While there is authority in other states for the rule that when only one of several available remedies is barred, the Legislature may revive the barred remedy (34 Am. Jur. 38, §33) this rule does not obtain in Oklahoma because of the provision of section 52, article 5 of our Constitution that the Legislature may not revive a remedy barred by lapse of time or by any statute of this state. Therefore, the remedy of foreclosure by suit was not available to plaintiff.
When we bear in mind the conditions that brought about the enactment of section 242, and the evils sought to be remedied as stated in Baccus v. Banks, above, it seems absurd to say that the Legislature intended that the mere filing of such a suit would toll the statute of limitations and perpetuate the lien for an indefinite period, when the principal purpose of said act was to completely extinguish the special assessment lien if, after the expiration of a period of time deemed by it to be reasonable, the bondholder failed to avail himself of one of the remedies afforded him. 50 Am. Jur. 291; 59 C. J. 964.

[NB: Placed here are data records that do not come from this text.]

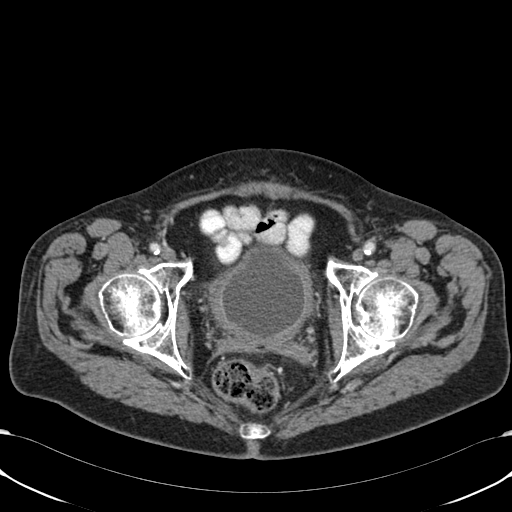

CT
The urinary bladder is located at left=223, top=250, right=303, bottom=336.
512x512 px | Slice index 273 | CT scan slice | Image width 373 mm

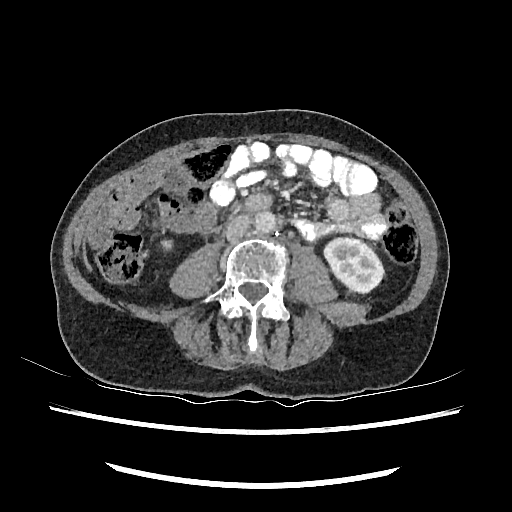

- kidney: box(324, 238, 383, 292)
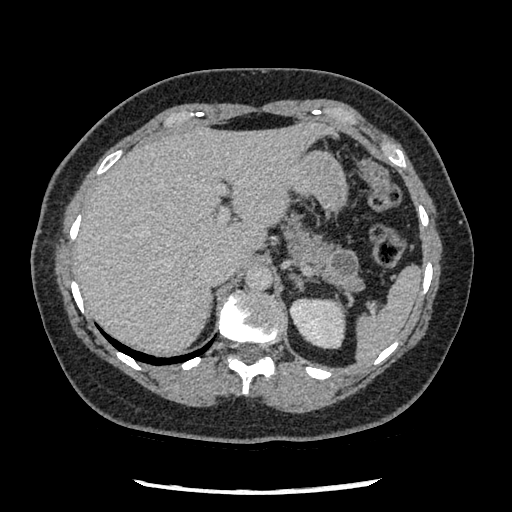

CT.
{"pancreatic_tumor": ["(328, 249, 359, 278)"], "pancreas": ["(283, 212, 362, 290)"]}

It follows that, since plaintiff failed to plead and prove that it had timely pursued an available remedy so as to preserve the hen of the special assessment, it failed to establish a valid cause of action, which under 12 O. S. 1941 §1035 was condition precedent to its right to vacate the judgment, and the judgment canceling the bonds and lien was within the issues made by the pleadings.
Affirmed.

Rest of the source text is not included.